Course description and aims

The aim of this lecture course is to familiarize students with the basic language of and some fundamental theorems in knot theory.
This course is a continuation of [MTH.B403 : Advanced topics in Geometry C].

Student learning outcomes

Students are expected to
・be able to show the equivalence of some knots and, via the use of invariants, the inequivalence of others
・understand the construction of some of the most commonly used knot polynomials.

Keywords

knot, link, knot group, genus, Alexander, Jones, and Homfly polynomials, infinite cyclic cover, Seifert matrix

Competencies that will be developed

Specialist skills Intercultural skills Communication skills Critical thinking skills Practical and/or problem-solving skills

Class flow

Standard lecture course

Course schedule/Required learning

  Course schedule Required learning
Class 1 definition and examples of knots and links, diagrams, Reidemeister moves Details will be provided during each class session
Class 2 knot group, Wirtinger presentation, Seifert surface, genus Details will be provided during each class session
Class 3 connected sum, prime decomposition Details will be provided during each class session
Class 4 Alexander polynomial I: infinite cyclic cover, Seifert matrix Details will be provided during each class session
Class 5 Alexander polynomial II: Fox calculus, Conway skein relation, Kauffman states Details will be provided during each class session
Class 6 Alexander polynomial III: equivalence of definitions Details will be provided during each class session
Class 7 Jones, Homfly, and two-variable Kauffman polynomials Details will be provided during each class session
Class 8 Morton's inequalities, Murakami--Ohtsuki--Yamada states Details will be provided during each class session

Out-of-Class Study Time (Preparation and Review)

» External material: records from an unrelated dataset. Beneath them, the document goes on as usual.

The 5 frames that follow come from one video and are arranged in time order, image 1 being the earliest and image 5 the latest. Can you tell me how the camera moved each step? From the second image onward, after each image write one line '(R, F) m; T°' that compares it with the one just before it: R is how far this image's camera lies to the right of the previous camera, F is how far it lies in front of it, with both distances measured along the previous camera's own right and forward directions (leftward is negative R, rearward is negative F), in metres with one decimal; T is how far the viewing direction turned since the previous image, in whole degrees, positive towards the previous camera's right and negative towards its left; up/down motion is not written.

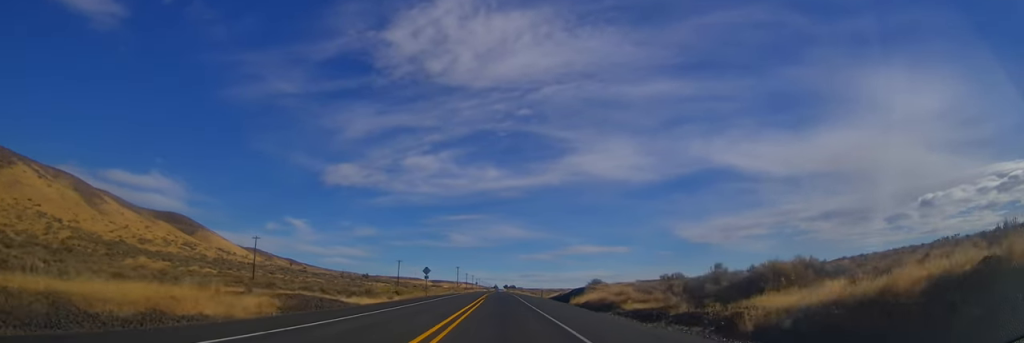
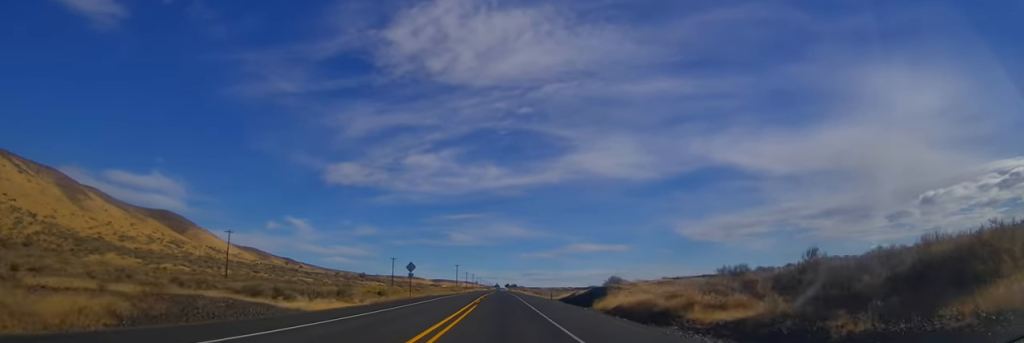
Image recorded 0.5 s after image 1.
(-0.1, +14.1) m; 0°
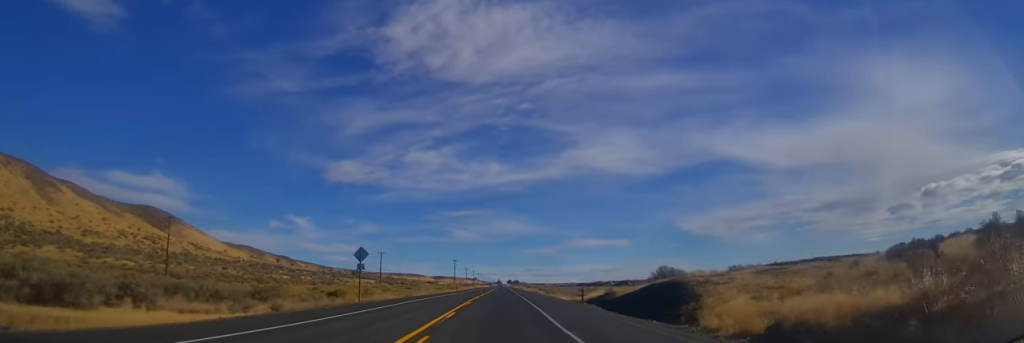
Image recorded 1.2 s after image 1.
(-0.4, +23.2) m; +1°
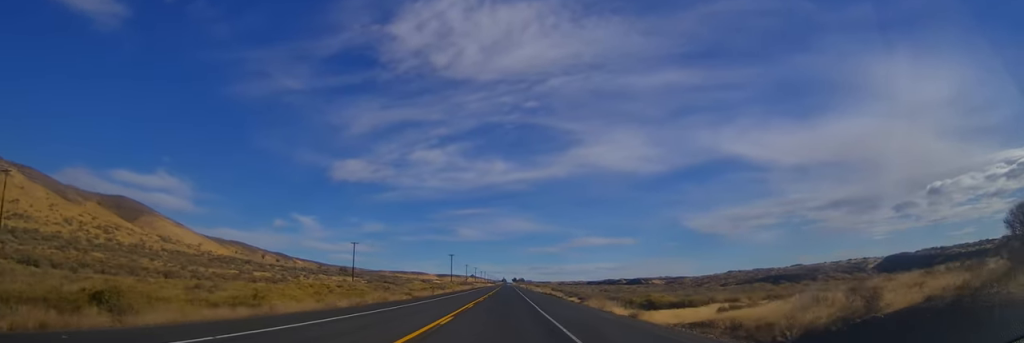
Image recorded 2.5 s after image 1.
(+0.9, +38.6) m; -1°
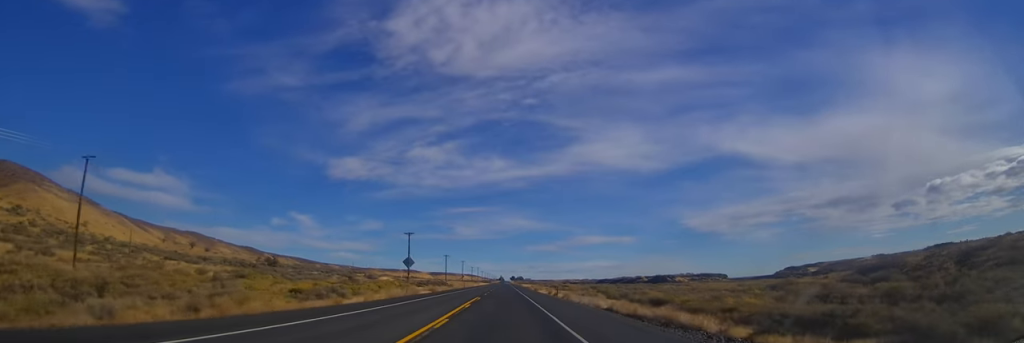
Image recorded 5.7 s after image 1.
(-2.2, +100.1) m; 0°
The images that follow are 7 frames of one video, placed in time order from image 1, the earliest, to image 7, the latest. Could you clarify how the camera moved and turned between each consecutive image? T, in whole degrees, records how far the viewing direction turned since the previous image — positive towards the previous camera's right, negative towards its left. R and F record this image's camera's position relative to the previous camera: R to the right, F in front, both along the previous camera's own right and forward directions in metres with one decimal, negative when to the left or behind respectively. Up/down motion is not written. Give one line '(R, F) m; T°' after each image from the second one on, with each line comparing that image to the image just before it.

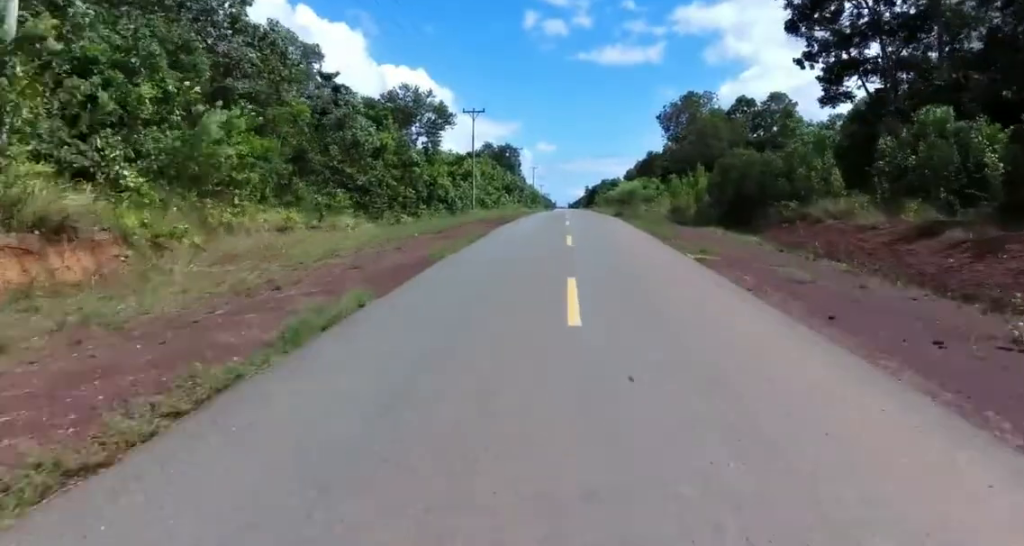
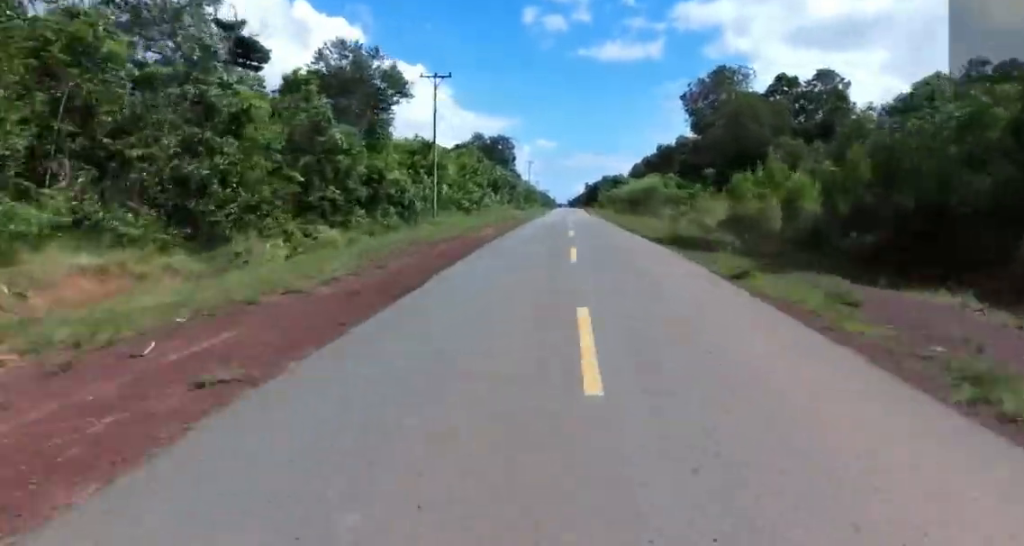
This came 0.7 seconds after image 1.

To enhance effective learning, students are encouraged to spend approximately 100 minutes preparing for class and another 100 minutes reviewing class content afterwards (including assignments) for each class.
They should do so by referring to textbooks and other course material.

Textbook(s)

None required

Reference books, course materials, etc.

C. Livingston: Knot Theory
D Rolfsen: Knots and links

Assessment criteria and methods

Evaluation will be based on exams and homework. Details will be provided during class sessions.

Related courses

  • MTH.B301 : Geometry I
  • MTH.B302 : Geometry II
  • MTH.B331 : Geometry III
  • MTH.B403 : Advanced topics in Geometry C

Prerequisites (i.e., required knowledge, skills, courses, etc.)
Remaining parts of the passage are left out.